(Data items)

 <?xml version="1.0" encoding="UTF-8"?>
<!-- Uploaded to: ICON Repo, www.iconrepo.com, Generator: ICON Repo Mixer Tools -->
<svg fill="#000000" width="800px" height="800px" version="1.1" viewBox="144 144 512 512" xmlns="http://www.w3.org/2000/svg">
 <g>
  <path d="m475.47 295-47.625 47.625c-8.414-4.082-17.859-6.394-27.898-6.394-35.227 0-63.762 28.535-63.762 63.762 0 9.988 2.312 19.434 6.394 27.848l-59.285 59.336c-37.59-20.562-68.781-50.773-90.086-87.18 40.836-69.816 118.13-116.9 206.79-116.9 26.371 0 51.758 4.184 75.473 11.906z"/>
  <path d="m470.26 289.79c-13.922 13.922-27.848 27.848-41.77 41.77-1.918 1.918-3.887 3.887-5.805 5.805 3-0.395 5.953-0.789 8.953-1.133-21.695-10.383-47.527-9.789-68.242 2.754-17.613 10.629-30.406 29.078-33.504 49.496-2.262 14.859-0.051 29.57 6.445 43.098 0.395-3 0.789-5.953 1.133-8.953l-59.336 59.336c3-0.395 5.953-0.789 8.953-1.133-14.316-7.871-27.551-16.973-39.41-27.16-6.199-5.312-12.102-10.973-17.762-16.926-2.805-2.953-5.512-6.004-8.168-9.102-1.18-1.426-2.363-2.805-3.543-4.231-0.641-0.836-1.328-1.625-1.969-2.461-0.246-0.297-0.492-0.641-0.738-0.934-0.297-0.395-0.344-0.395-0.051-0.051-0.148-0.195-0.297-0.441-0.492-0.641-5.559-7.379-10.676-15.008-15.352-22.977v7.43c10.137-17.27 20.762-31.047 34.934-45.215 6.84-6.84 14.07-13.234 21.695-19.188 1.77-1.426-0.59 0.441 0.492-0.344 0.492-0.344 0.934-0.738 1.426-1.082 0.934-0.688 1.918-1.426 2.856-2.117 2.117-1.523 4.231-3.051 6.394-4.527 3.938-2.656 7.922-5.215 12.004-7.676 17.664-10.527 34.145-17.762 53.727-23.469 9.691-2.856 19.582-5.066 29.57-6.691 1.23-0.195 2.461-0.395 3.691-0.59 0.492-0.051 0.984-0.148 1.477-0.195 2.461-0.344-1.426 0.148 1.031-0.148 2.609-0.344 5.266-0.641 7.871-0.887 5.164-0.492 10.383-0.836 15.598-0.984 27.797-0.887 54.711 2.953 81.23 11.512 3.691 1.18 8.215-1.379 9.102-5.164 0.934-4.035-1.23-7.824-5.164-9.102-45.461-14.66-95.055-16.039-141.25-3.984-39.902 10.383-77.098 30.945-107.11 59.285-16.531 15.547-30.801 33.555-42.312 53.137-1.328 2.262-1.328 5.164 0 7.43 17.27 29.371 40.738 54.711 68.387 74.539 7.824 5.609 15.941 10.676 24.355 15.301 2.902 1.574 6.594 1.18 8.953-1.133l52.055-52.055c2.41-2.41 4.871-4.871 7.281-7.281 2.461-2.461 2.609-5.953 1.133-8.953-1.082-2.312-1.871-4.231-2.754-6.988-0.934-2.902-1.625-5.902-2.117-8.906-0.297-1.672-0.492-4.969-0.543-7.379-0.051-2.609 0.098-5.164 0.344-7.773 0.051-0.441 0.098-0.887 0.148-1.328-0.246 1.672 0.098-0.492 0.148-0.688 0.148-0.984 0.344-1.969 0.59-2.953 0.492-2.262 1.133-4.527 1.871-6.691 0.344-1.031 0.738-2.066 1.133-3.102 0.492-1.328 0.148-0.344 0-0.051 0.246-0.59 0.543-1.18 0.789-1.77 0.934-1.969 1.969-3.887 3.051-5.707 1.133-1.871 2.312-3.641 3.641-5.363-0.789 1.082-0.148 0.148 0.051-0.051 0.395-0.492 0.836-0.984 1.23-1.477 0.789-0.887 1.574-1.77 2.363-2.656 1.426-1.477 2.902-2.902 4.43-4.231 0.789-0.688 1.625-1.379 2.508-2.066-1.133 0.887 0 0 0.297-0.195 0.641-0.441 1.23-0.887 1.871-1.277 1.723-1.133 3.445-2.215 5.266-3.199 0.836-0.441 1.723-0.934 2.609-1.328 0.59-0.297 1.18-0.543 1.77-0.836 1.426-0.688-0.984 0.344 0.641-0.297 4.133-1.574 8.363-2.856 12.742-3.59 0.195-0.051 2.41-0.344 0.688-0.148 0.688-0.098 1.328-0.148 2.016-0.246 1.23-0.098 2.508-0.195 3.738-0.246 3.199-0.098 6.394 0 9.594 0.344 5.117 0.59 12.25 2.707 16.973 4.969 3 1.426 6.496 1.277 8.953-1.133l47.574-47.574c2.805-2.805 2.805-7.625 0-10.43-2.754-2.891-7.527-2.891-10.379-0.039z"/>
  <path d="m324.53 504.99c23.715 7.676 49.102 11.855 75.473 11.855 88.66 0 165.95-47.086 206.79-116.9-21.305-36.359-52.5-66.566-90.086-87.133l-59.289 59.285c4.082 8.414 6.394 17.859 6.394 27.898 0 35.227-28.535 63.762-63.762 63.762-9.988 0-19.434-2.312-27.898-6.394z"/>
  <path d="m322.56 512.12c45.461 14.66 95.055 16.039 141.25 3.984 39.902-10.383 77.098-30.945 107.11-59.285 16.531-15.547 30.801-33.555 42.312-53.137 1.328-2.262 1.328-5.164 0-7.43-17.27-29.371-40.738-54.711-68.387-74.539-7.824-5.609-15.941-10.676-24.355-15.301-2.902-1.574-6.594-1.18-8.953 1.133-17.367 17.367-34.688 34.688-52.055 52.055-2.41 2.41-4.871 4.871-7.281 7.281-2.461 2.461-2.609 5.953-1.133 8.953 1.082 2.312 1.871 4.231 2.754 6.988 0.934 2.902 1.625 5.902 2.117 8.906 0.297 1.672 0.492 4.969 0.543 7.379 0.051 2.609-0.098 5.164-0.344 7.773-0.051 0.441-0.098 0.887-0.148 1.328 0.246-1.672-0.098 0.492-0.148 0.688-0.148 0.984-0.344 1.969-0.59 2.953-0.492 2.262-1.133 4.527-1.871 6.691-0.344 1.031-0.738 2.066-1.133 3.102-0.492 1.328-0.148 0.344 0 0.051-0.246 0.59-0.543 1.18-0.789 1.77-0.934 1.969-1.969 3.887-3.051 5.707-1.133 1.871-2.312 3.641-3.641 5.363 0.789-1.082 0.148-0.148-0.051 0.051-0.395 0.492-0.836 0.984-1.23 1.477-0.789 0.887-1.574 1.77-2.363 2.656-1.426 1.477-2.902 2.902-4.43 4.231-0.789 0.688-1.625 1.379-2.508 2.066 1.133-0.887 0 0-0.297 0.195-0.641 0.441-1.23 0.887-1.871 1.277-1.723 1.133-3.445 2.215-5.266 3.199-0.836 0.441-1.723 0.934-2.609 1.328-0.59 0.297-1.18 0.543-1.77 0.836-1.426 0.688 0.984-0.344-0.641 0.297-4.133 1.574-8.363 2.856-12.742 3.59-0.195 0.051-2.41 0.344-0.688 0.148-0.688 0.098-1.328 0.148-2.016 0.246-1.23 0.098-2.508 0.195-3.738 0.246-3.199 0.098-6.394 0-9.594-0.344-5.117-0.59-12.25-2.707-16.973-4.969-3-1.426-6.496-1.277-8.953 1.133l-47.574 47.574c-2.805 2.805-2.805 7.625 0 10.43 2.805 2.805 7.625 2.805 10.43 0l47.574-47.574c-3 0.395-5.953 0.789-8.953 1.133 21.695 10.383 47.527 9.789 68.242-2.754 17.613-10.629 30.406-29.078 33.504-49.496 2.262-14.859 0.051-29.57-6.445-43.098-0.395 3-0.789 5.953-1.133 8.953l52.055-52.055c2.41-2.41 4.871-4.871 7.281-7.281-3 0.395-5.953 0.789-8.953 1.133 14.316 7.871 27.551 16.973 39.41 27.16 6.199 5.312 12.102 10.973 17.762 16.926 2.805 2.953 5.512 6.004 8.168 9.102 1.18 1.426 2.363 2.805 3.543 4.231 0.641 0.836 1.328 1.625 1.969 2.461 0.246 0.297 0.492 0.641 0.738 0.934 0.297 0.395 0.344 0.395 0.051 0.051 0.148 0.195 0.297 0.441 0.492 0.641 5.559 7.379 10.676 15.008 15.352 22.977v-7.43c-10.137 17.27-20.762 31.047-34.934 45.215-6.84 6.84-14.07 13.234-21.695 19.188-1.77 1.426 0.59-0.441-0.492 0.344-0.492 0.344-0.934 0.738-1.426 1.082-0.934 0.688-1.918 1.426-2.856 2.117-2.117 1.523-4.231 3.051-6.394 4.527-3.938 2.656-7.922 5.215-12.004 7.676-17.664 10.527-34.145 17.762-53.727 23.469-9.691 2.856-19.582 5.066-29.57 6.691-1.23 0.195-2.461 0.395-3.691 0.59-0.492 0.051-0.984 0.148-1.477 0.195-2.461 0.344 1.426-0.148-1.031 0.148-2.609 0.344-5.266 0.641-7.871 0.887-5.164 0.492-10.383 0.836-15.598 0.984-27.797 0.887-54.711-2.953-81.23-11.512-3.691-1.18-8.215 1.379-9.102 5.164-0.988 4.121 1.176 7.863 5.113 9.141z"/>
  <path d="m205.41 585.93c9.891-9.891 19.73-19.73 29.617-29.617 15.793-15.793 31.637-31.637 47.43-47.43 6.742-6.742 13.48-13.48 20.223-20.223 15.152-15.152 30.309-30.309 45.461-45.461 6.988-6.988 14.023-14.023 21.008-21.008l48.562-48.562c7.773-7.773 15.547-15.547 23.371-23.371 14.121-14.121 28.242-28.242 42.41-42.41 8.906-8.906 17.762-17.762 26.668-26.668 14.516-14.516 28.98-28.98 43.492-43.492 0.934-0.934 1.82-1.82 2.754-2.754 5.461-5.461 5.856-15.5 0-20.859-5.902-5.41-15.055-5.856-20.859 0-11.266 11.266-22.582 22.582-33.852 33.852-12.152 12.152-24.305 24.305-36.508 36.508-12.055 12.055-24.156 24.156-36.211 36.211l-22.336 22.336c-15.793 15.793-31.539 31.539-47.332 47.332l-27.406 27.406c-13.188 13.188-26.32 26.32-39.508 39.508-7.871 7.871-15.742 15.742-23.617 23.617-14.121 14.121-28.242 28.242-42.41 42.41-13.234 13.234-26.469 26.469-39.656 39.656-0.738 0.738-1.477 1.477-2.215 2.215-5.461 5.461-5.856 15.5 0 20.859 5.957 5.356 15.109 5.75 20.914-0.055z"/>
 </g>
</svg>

• _What to do_
All that belongs in the answer is the lines from the start of the entries above through the line containing "0-63.762 28.535-63.762 63.762", each given exactly.

• _Solution below_
 <?xml version="1.0" encoding="UTF-8"?>
<!-- Uploaded to: ICON Repo, www.iconrepo.com, Generator: ICON Repo Mixer Tools -->
<svg fill="#000000" width="800px" height="800px" version="1.1" viewBox="144 144 512 512" xmlns="http://www.w3.org/2000/svg">
 <g>
  <path d="m475.47 295-47.625 47.625c-8.414-4.082-17.859-6.394-27.898-6.394-35.227 0-63.762 28.535-63.762 63.762 0 9.988 2.312 19.434 6.394 27.848l-59.285 59.336c-37.59-20.562-68.781-50.773-90.086-87.18 40.836-69.816 118.13-116.9 206.79-116.9 26.371 0 51.758 4.184 75.473 11.906z"/>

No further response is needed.